5. It was his case that under no circumstances did he ever instruct the applicant herein. That the applicant did not raise any issue that deals with the principles of taxation but rather quantum which are well within the discretion of the taxing officer and the same should not be interfered with by this court merely for the reason that the applicant fees ought to be paid on a higher or lower scale. It was deponed that given that the applicant has not shown or pleaded that the taxing officer exercised, or applied the wrong principle, the application herein should be dismissed with costs.

6. Directions were taken that the application be canvassed by way of written submissions which directions the parties duly complied with.

7. I have considered the application herein, the response thereto and the parties’ submissions. However, before the court can delve into merits of the reference, it is important for me to address the issue of jurisdiction.

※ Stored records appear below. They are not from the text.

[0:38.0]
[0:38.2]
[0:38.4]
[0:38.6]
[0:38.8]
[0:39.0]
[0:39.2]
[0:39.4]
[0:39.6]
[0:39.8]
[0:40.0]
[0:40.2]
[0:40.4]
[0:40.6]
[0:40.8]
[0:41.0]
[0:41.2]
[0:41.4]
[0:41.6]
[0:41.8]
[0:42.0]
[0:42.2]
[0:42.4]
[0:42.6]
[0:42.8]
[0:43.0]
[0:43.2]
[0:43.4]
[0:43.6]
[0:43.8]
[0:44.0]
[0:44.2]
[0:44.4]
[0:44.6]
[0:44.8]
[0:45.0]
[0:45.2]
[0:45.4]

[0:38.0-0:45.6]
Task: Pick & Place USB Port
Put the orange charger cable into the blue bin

8. From the amended plaint amended on November 8, 2017, the respondent herein sought for prayersinter alia; an order of permanent injunction restraining the defendant and his assigns from cultivating and/or occupying land LR Mbeere/Kirima/1314 and Mbeere/Kirima/1315; an order for eviction; mesne profits, damages and costs of the suit. It is my humble view that the nature of the prayers herein are not only related but also emanates from land and land use.

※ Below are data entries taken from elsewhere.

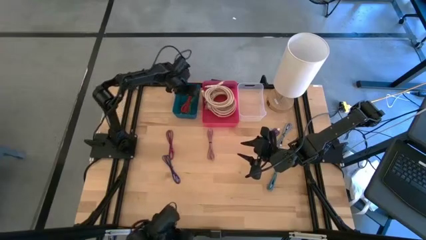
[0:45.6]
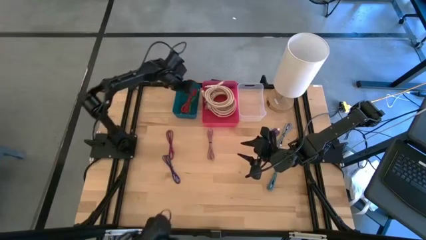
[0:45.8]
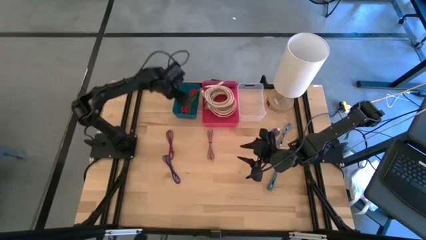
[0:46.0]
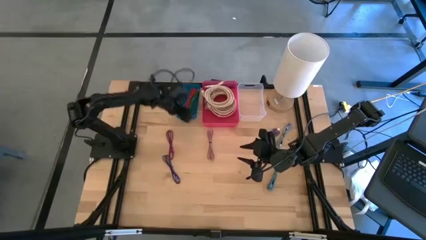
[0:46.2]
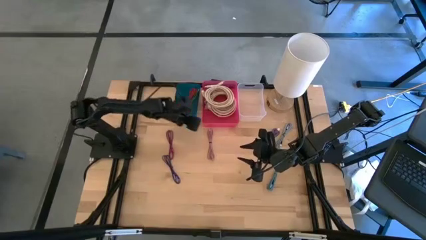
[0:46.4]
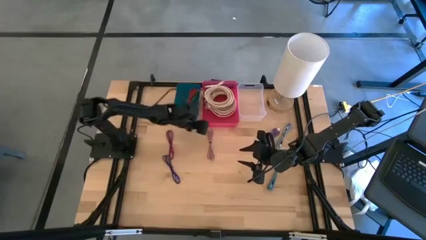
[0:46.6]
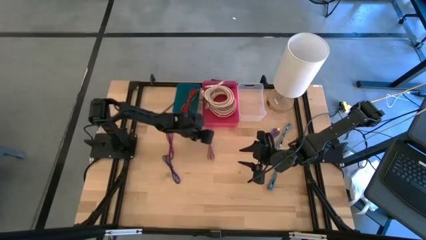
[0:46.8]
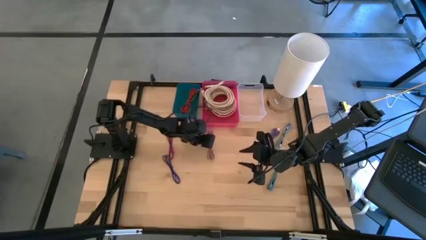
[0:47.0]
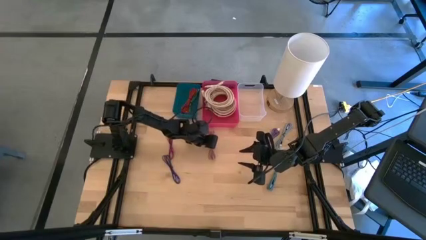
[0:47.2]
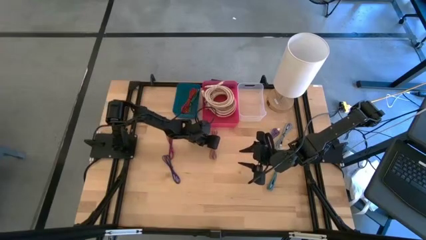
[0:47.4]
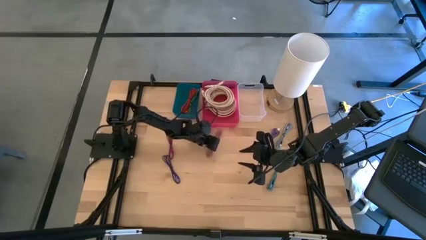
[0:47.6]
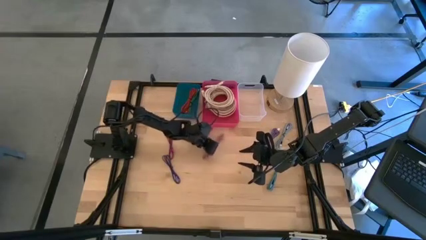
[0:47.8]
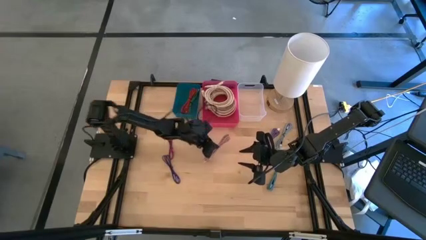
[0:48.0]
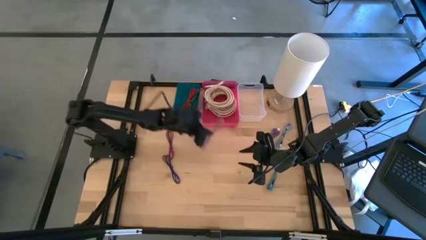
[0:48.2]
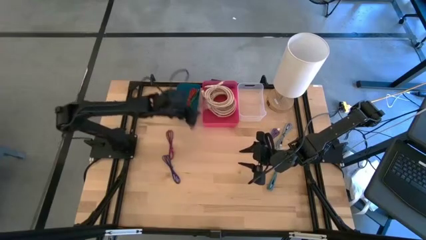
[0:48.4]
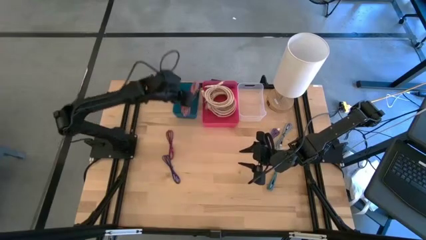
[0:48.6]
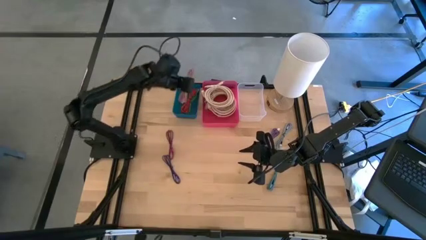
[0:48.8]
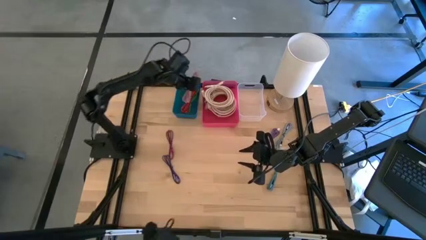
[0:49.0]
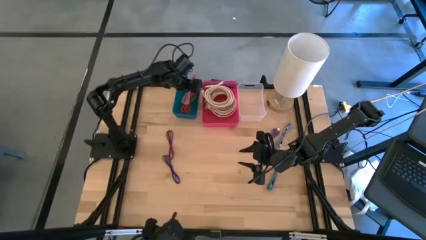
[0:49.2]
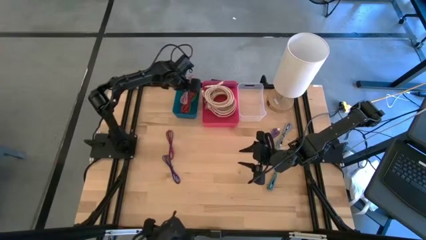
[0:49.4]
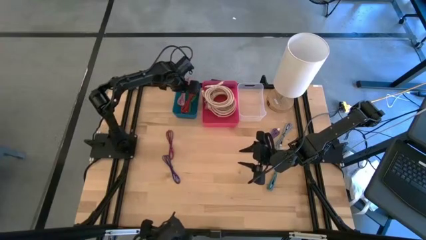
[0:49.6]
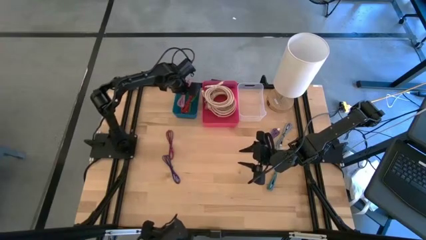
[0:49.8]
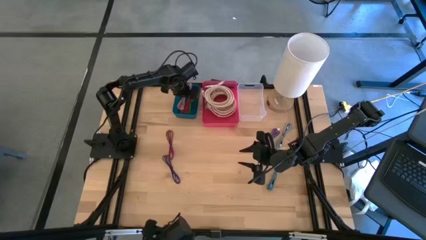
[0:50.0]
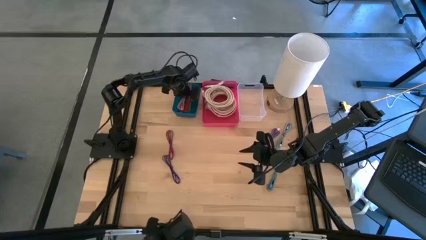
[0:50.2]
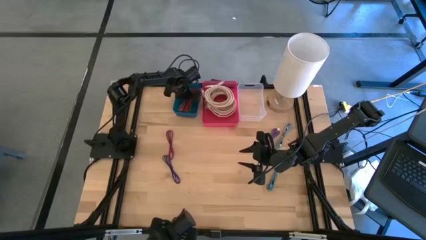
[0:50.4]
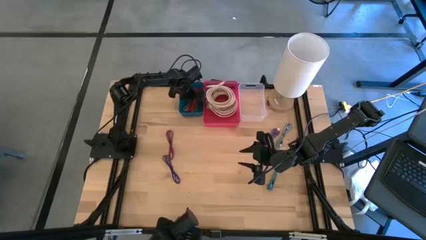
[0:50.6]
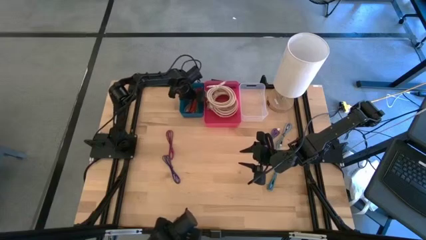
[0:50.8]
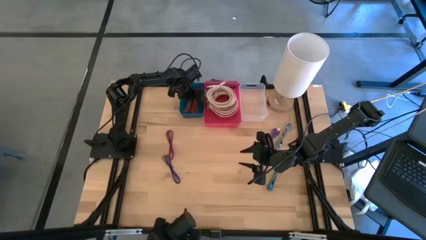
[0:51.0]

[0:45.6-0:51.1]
Put the pink charger cable into the blue bin

9. From the foregoing, it is clear that the Environment and Land Court has original jurisdiction to hear all matters relating to the environment and to the use and occupation of land. It is trite that a court’s jurisdiction flows from either the Constitution, legislation or both as the Supreme Court appreciated in the case of Republic v Karisa Chengo & 2 others[2017] eKLR;“A court’s jurisdiction flows from either the Constitution or legislation or both. Thus, a court of law can only exercise jurisdiction as conferred by the constitution or other written law. It cannot arrogate to itself jurisdiction exceeding that which is conferred upon it by law.”

10. It is important to note that, with the enactment of the Environment and Land Court Act of 2012, the jurisdiction to determine disputes relating to ownership and use of land is bestowed on the Environment and Land Court. It is my considered view, as such, that issues arising out of the instant reference is not within the jurisdiction of this honourable court. [See the decision of the Supreme Court in the case of Nasra Ibrahim Ibren v Independent Electoral and Boundaries Commission & 2 others, Supreme Court Petition No 19 of 2018- paragraph 40)."This is for the reason that where a court has no jurisdiction, there would be no basis for a continuation of proceedings pending other evidence. A court of law downs its tools in respect of the matter before it the moment it holds the opinion that it is without jurisdiction. Where a court takes it upon itself to exercise a jurisdiction which it does not possess, its decision amounts to nothing as jurisdiction must be acquired before a case can be heard."[See the case of Owners of the Motor Vessel “Lillian S” v Caltex Oil (Kenya) Ltd [1989] eKLR].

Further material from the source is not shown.